A host of writers and academics on Friday criticised the Centre for withdrawing the Overseas Citizen of India (OCI) status of author and journalist Aatish Taseer.
Taseer, the son of Indian journalist Tavleen Singh and slain Pakistani politician Salman Taseer, has become ineligible for an OCI card as it is not issued to a person whose parents or grandparents are Pakistanis and he hid this fact, a Union home ministry spokesperson said on Thursday.
While author Arundhati Roy termed the move “outrageous and dangerous”, poet Jeet Thayil called it “a vindictive and unfortunate tactic”. MP and author Shashi Tharoor took a dig at the government, asking if it was “so weak that it feels threatened by a journalist”.
Author Amitav Ghosh retweeted a post by Ashok Swain, a professor of international studies at Sweden’s Uppasal University, that said: “You write against Modi, you cease to be an Indian!”
Taseer wrote a pre-election cover story titled “India’s Divider in Chief” in Time magazine on Prime Minister Narendra Modi.

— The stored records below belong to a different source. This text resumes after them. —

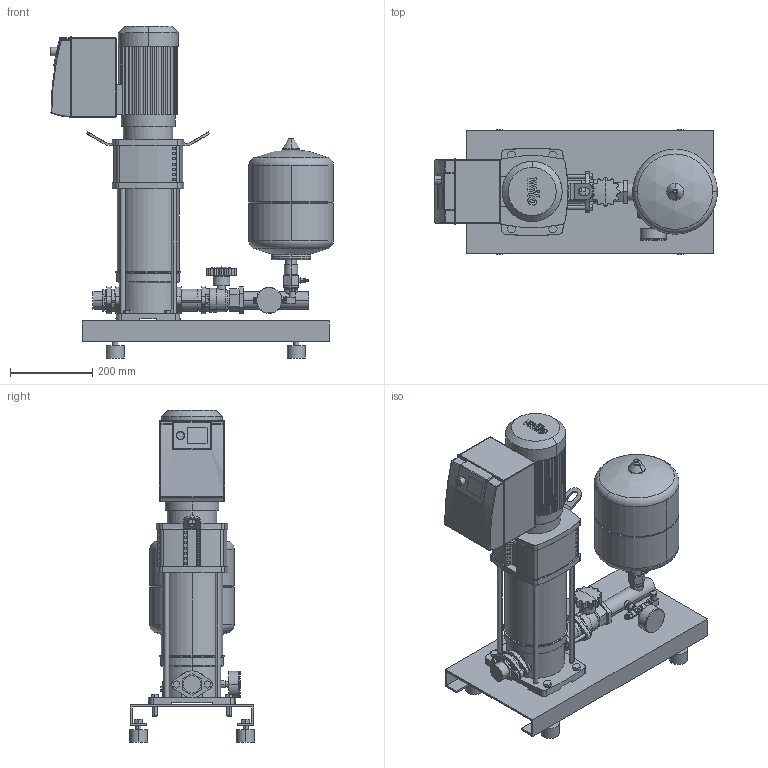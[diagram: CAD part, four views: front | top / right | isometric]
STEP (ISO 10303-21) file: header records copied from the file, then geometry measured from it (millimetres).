
FILE_DESCRIPTION((''),'2;1');
FILE_NAME('3d_SiBoostSmart1HelixVE206-2541581.stp','2015-08-24T10:46:08',(''),(''),'Mechanical Desktop 2009','Mechanical Desktop 2009',', , ');
FILE_SCHEMA(('CONFIG_CONTROL_DESIGN'));
Length unit declared in the file: millimetre
Products named in the file (1): Product
Bounding box: 687 x 304 x 806.2 mm (x, y, z)
Volume: 26479909.3 mm3; surface area: 2191921.4 mm2
Topology: 50 solids, 50 shells, 1447 faces, 3629 edges, 2353 vertices
Faces by surface type: plane 569, cylinder 382, bspline 356, cone 74, torus 54, sphere 12
Entity records: 48145 total; most frequent: CARTESIAN_POINT 13569, ORIENTED_EDGE 7234, DIRECTION 6933, EDGE_CURVE 3617, AXIS2_PLACEMENT_3D 2385, VERTEX_POINT 2353, VECTOR 2163, LINE 2163
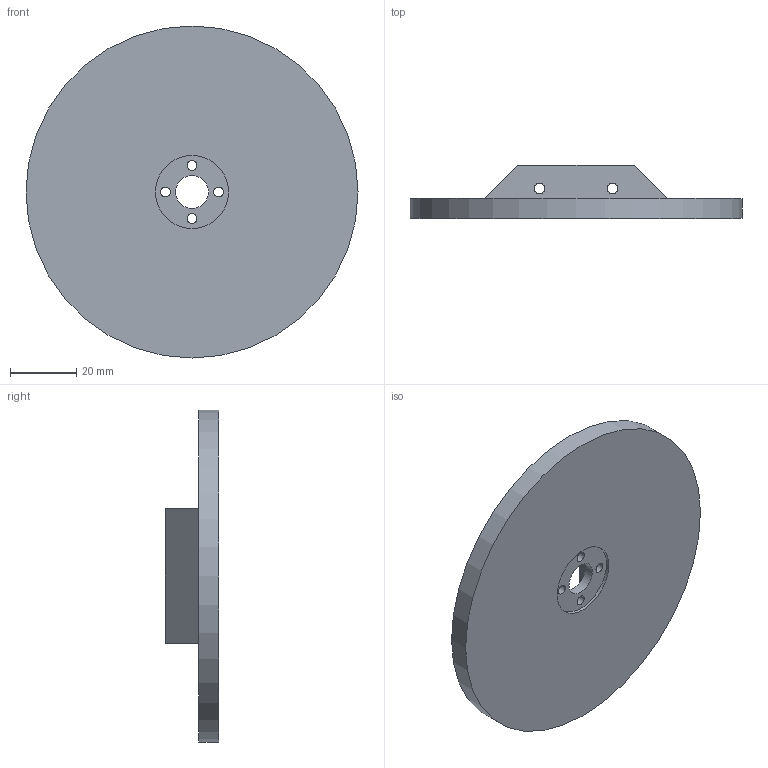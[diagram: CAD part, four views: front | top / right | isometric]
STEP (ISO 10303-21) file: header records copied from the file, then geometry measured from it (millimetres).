
FILE_DESCRIPTION(/* description */ (''),/* implementation_level */ '2;1');
FILE_NAME(/* name */ 'SeminarLink90.step',/* time_stamp */ '2025-05-16T09:32:31+02:00',/* author */ (''),/* organization */ (''),/* preprocessor_version */ 'ST-DEVELOPER v20.1',/* originating_system */ 'Autodesk Translation Framework v14.4.0.0',/* authorisation */ '');
FILE_SCHEMA (('AUTOMOTIVE_DESIGN { 1 0 10303 214 3 1 1 }'));
Length unit declared in the file: millimetre
Products named in the file (1): SeminarLink90
Bounding box: 100 x 16 x 100 mm (x, y, z)
Volume: 53786.5 mm3; surface area: 20355.8 mm2
Topology: 1 solids, 1 shells, 26 faces, 60 edges, 40 vertices
Faces by surface type: plane 14, cylinder 12
Full cylindrical faces by diameter (mm): 3 x4, 3.2 x4, 10 x1, 22 x2, 100 x1
Entity records: 817 total; most frequent: DIRECTION 138, CARTESIAN_POINT 127, ORIENTED_EDGE 120, EDGE_CURVE 60, AXIS2_PLACEMENT_3D 51, EDGE_LOOP 48, VERTEX_POINT 40, LINE 36
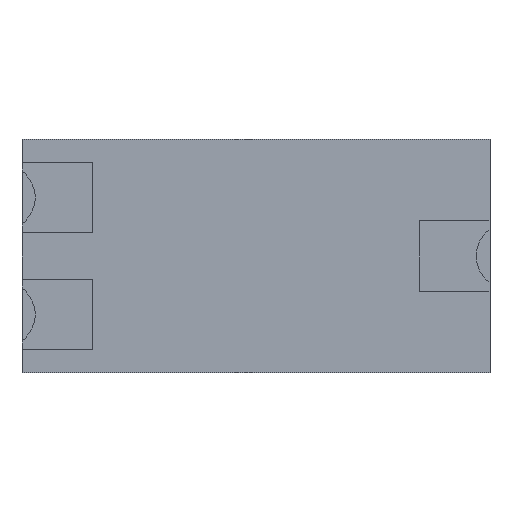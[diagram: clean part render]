
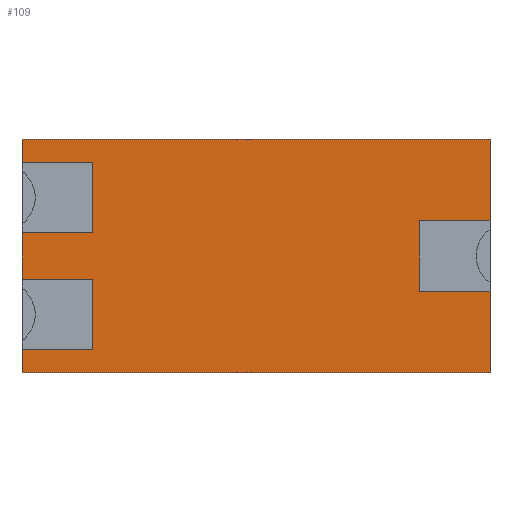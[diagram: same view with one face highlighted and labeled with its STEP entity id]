
A CAD part, front view. The second image highlights one B-rep face of the part: STEP entity #109.
In plain terms, the highlighted planar face has unit normal (0, -1, 0).
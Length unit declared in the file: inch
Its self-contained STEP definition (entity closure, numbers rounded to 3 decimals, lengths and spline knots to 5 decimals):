
#27 = VECTOR ( 'NONE', #1225, 39.37008 ) ;
#30 = ORIENTED_EDGE ( 'NONE', *, *, #722, .T. ) ;
#35 = CARTESIAN_POINT ( 'NONE',  ( -0.14275, -0.00846, 0. ) ) ;
#36 = VECTOR ( 'NONE', #104, 39.37008 ) ;
#37 = EDGE_CURVE ( 'NONE', #1197, #302, #452, .T. ) ;
#64 = ORIENTED_EDGE ( 'NONE', *, *, #37, .F. ) ;
#68 = VERTEX_POINT ( 'NONE', #1864 ) ;
#74 = LINE ( 'NONE', #1555, #650 ) ;
#86 = CARTESIAN_POINT ( 'NONE',  ( -0.07874, -0.00846, 0. ) ) ;
#102 = CARTESIAN_POINT ( 'NONE',  ( -0.14275, -0.00846, -0.00787 ) ) ;
#104 = DIRECTION ( 'NONE',  ( 1., 0., 0. ) ) ;
#109 = ADVANCED_FACE ( 'NONE', ( #1287 ), #780, .F. ) ;
#123 = EDGE_CURVE ( 'NONE', #242, #1264, #905, .T. ) ;
#135 = VECTOR ( 'NONE', #826, 39.37008 ) ;
#145 = EDGE_CURVE ( 'NONE', #844, #667, #1140, .T. ) ;
#148 = VECTOR ( 'NONE', #1594, 39.37008 ) ;
#164 = DIRECTION ( 'NONE',  ( 0., 0., -1. ) ) ;
#177 = CARTESIAN_POINT ( 'NONE',  ( -0.05512, -0.00846, 0. ) ) ;
#198 = DIRECTION ( 'NONE',  ( 1., 0., 0. ) ) ;
#203 = VERTEX_POINT ( 'NONE', #1094 ) ;
#242 = VERTEX_POINT ( 'NONE', #956 ) ;
#254 = VECTOR ( 'NONE', #1912, 39.37008 ) ;
#263 = EDGE_CURVE ( 'NONE', #1197, #1431, #366, .T. ) ;
#264 = VERTEX_POINT ( 'NONE', #1111 ) ;
#270 = LINE ( 'NONE', #1597, #1855 ) ;
#272 = ORIENTED_EDGE ( 'NONE', *, *, #1576, .F. ) ;
#302 = VERTEX_POINT ( 'NONE', #397 ) ;
#352 = CARTESIAN_POINT ( 'NONE',  ( 0.07874, -0.00846, -0.01181 ) ) ;
#362 = ORIENTED_EDGE ( 'NONE', *, *, #772, .T. ) ;
#366 = LINE ( 'NONE', #1262, #135 ) ;
#394 = ORIENTED_EDGE ( 'NONE', *, *, #669, .T. ) ;
#397 = CARTESIAN_POINT ( 'NONE',  ( -0.05512, -0.00846, 0.00787 ) ) ;
#404 = CARTESIAN_POINT ( 'NONE',  ( -0.14275, -0.00846, -0.03937 ) ) ;
#436 = EDGE_CURVE ( 'NONE', #1431, #844, #985, .T. ) ;
#452 = LINE ( 'NONE', #947, #1781 ) ;
#457 = EDGE_CURVE ( 'NONE', #565, #1033, #270, .T. ) ;
#474 = CARTESIAN_POINT ( 'NONE',  ( -0.14275, -0.00846, 0.03937 ) ) ;
#517 = VERTEX_POINT ( 'NONE', #1176 ) ;
#558 = CARTESIAN_POINT ( 'NONE',  ( 0.07874, -0.00846, -0.03937 ) ) ;
#560 = DIRECTION ( 'NONE',  ( 1., 0., 0. ) ) ;
#565 = VERTEX_POINT ( 'NONE', #1014 ) ;
#623 = ORIENTED_EDGE ( 'NONE', *, *, #436, .T. ) ;
#624 = DIRECTION ( 'NONE',  ( 0., 1., 0. ) ) ;
#635 = DIRECTION ( 'NONE',  ( 0., 0., -1. ) ) ;
#650 = VECTOR ( 'NONE', #198, 39.37008 ) ;
#667 = VERTEX_POINT ( 'NONE', #1311 ) ;
#669 = EDGE_CURVE ( 'NONE', #1837, #1392, #1105, .T. ) ;
#683 = EDGE_CURVE ( 'NONE', #68, #667, #1155, .T. ) ;
#722 = EDGE_CURVE ( 'NONE', #264, #203, #1067, .T. ) ;
#737 = CARTESIAN_POINT ( 'NONE',  ( -0.07874, -0.00846, 0.00787 ) ) ;
#744 = CARTESIAN_POINT ( 'NONE',  ( -0.14275, -0.00846, -0.01181 ) ) ;
#772 = EDGE_CURVE ( 'NONE', #242, #1033, #1706, .T. ) ;
#780 = PLANE ( 'NONE',  #936 ) ;
#821 = VECTOR ( 'NONE', #635, 39.37008 ) ;
#826 = DIRECTION ( 'NONE',  ( 0., 0., -1. ) ) ;
#844 = VERTEX_POINT ( 'NONE', #1828 ) ;
#849 = DIRECTION ( 'NONE',  ( 0., 0., -1. ) ) ;
#870 = CARTESIAN_POINT ( 'NONE',  ( -0.07874, -0.00846, -0.03937 ) ) ;
#896 = LINE ( 'NONE', #474, #1275 ) ;
#905 = LINE ( 'NONE', #1378, #27 ) ;
#912 = VECTOR ( 'NONE', #1723, 39.37008 ) ;
#913 = ORIENTED_EDGE ( 'NONE', *, *, #1362, .T. ) ;
#931 = VECTOR ( 'NONE', #560, 39.37008 ) ;
#936 = AXIS2_PLACEMENT_3D ( 'NONE', #35, #624, #1678 ) ;
#944 = LINE ( 'NONE', #86, #1195 ) ;
#947 = CARTESIAN_POINT ( 'NONE',  ( -0.14275, -0.00846, 0.00787 ) ) ;
#956 = CARTESIAN_POINT ( 'NONE',  ( 0.05512, -0.00846, 0.01181 ) ) ;
#972 = LINE ( 'NONE', #1562, #912 ) ;
#985 = LINE ( 'NONE', #102, #1808 ) ;
#1014 = CARTESIAN_POINT ( 'NONE',  ( 0.07874, -0.00846, 0.03937 ) ) ;
#1033 = VERTEX_POINT ( 'NONE', #1229 ) ;
#1047 = LINE ( 'NONE', #744, #1327 ) ;
#1067 = LINE ( 'NONE', #1448, #254 ) ;
#1094 = CARTESIAN_POINT ( 'NONE',  ( -0.07874, -0.00846, 0.0315 ) ) ;
#1105 = LINE ( 'NONE', #404, #36 ) ;
#1107 = VECTOR ( 'NONE', #164, 39.37008 ) ;
#1111 = CARTESIAN_POINT ( 'NONE',  ( -0.07874, -0.00846, 0.03937 ) ) ;
#1140 = LINE ( 'NONE', #177, #821 ) ;
#1155 = LINE ( 'NONE', #1457, #931 ) ;
#1176 = CARTESIAN_POINT ( 'NONE',  ( -0.05512, -0.00846, 0.0315 ) ) ;
#1186 = CARTESIAN_POINT ( 'NONE',  ( 0.07874, -0.00846, 0. ) ) ;
#1195 = VECTOR ( 'NONE', #1752, 39.37008 ) ;
#1197 = VERTEX_POINT ( 'NONE', #737 ) ;
#1218 = VERTEX_POINT ( 'NONE', #352 ) ;
#1225 = DIRECTION ( 'NONE',  ( 0., 0., -1. ) ) ;
#1229 = CARTESIAN_POINT ( 'NONE',  ( 0.07874, -0.00846, 0.01181 ) ) ;
#1262 = CARTESIAN_POINT ( 'NONE',  ( -0.07874, -0.00846, 0. ) ) ;
#1264 = VERTEX_POINT ( 'NONE', #1266 ) ;
#1266 = CARTESIAN_POINT ( 'NONE',  ( 0.05512, -0.00846, -0.01181 ) ) ;
#1275 = VECTOR ( 'NONE', #1671, 39.37008 ) ;
#1279 = ORIENTED_EDGE ( 'NONE', *, *, #1740, .T. ) ;
#1284 = ORIENTED_EDGE ( 'NONE', *, *, #1840, .F. ) ;
#1287 = FACE_OUTER_BOUND ( 'NONE', #1895, .T. ) ;
#1289 = CARTESIAN_POINT ( 'NONE',  ( -0.07874, -0.00846, -0.00787 ) ) ;
#1311 = CARTESIAN_POINT ( 'NONE',  ( -0.05512, -0.00846, -0.0315 ) ) ;
#1327 = VECTOR ( 'NONE', #1784, 39.37008 ) ;
#1347 = ORIENTED_EDGE ( 'NONE', *, *, #1777, .T. ) ;
#1362 = EDGE_CURVE ( 'NONE', #68, #1837, #944, .T. ) ;
#1378 = CARTESIAN_POINT ( 'NONE',  ( 0.05512, -0.00846, 0. ) ) ;
#1392 = VERTEX_POINT ( 'NONE', #558 ) ;
#1393 = DIRECTION ( 'NONE',  ( 1., 0., 0. ) ) ;
#1413 = ORIENTED_EDGE ( 'NONE', *, *, #683, .F. ) ;
#1431 = VERTEX_POINT ( 'NONE', #1289 ) ;
#1448 = CARTESIAN_POINT ( 'NONE',  ( -0.07874, -0.00846, 0. ) ) ;
#1451 = DIRECTION ( 'NONE',  ( 1., 0., 0. ) ) ;
#1457 = CARTESIAN_POINT ( 'NONE',  ( -0.14275, -0.00846, -0.0315 ) ) ;
#1547 = ORIENTED_EDGE ( 'NONE', *, *, #1851, .F. ) ;
#1555 = CARTESIAN_POINT ( 'NONE',  ( -0.14275, -0.00846, 0.0315 ) ) ;
#1562 = CARTESIAN_POINT ( 'NONE',  ( -0.05512, -0.00846, 0. ) ) ;
#1576 = EDGE_CURVE ( 'NONE', #264, #565, #896, .T. ) ;
#1594 = DIRECTION ( 'NONE',  ( 1., 0., 0. ) ) ;
#1597 = CARTESIAN_POINT ( 'NONE',  ( 0.07874, -0.00846, 0. ) ) ;
#1628 = ORIENTED_EDGE ( 'NONE', *, *, #457, .F. ) ;
#1671 = DIRECTION ( 'NONE',  ( 1., 0., 0. ) ) ;
#1675 = ORIENTED_EDGE ( 'NONE', *, *, #263, .T. ) ;
#1678 = DIRECTION ( 'NONE',  ( 0., 0., 1. ) ) ;
#1681 = LINE ( 'NONE', #1186, #1107 ) ;
#1706 = LINE ( 'NONE', #1774, #148 ) ;
#1723 = DIRECTION ( 'NONE',  ( 0., 0., -1. ) ) ;
#1740 = EDGE_CURVE ( 'NONE', #203, #517, #74, .T. ) ;
#1752 = DIRECTION ( 'NONE',  ( 0., 0., -1. ) ) ;
#1774 = CARTESIAN_POINT ( 'NONE',  ( -0.14275, -0.00846, 0.01181 ) ) ;
#1777 = EDGE_CURVE ( 'NONE', #517, #302, #972, .T. ) ;
#1781 = VECTOR ( 'NONE', #1393, 39.37008 ) ;
#1784 = DIRECTION ( 'NONE',  ( 1., 0., 0. ) ) ;
#1808 = VECTOR ( 'NONE', #1451, 39.37008 ) ;
#1828 = CARTESIAN_POINT ( 'NONE',  ( -0.05512, -0.00846, -0.00787 ) ) ;
#1837 = VERTEX_POINT ( 'NONE', #870 ) ;
#1840 = EDGE_CURVE ( 'NONE', #1264, #1218, #1047, .T. ) ;
#1851 = EDGE_CURVE ( 'NONE', #1218, #1392, #1681, .T. ) ;
#1855 = VECTOR ( 'NONE', #849, 39.37008 ) ;
#1864 = CARTESIAN_POINT ( 'NONE',  ( -0.07874, -0.00846, -0.0315 ) ) ;
#1895 = EDGE_LOOP ( 'NONE', ( #1675, #623, #1927, #1413, #913, #394, #1547, #1284, #1903, #362, #1628, #272, #30, #1279, #1347, #64 ) ) ;
#1903 = ORIENTED_EDGE ( 'NONE', *, *, #123, .F. ) ;
#1912 = DIRECTION ( 'NONE',  ( 0., 0., -1. ) ) ;
#1927 = ORIENTED_EDGE ( 'NONE', *, *, #145, .T. ) ;

In a new article in Time on Thursday night, Taseer wrote that he had planned to visit India a few days after being “blacklisted”. “I was due to fly to India from Greece a few days later to finish filming a documentary, but a lawyer advised me that I could be exposing myself to detention if I were to do so. As a journalist I have been in many fearful places in my life — from interrogations in Iran to questioning by the mukhabarat (intelligence agency) in Assad’s Syria — but this was the first time I had thought of India in that way. Instead, I left Greece and headed back to the US.”
Historian and writer Ramachandra Guha dubbed the revocation “a petty and vindictive act of a petty and vindictive Government”. The historian also shared Taseer’s latest Time article and tweeted: “A profoundly moving piece by Aatish Taseer on our Government’s disgraceful decision….”
Writer and mythologist Devdutt Pattanaik tweeted: “I hope all Bharat Mata Tyagis who gave up Indian passport for $$$$ have documents to prove their fathers were Indians... nahi to OCI chala jayega.”
Non-fiction writer Ankur Bhardwaj referred to Saudi Arabian author-journalist Jamal Khashoggi, who was assassinated at the Saudi consulate in Istanbul. “A govt was so unhappy about a journalist/writer’s criticism in international press that it took unbelievably strong action to quell it and send a message to others. I was talking about Jamal Khashoggi. What were you thinking?” Bhardwaj tweeted.
Journalist-writer Manu Joseph tweeted: “This is very silly of chowkidars most of whom will actually enjoy Aatish Taseer’s ‘The Twice-Born’, particularly the part where he suggests even the poor may have started searching for their Hindu identity.”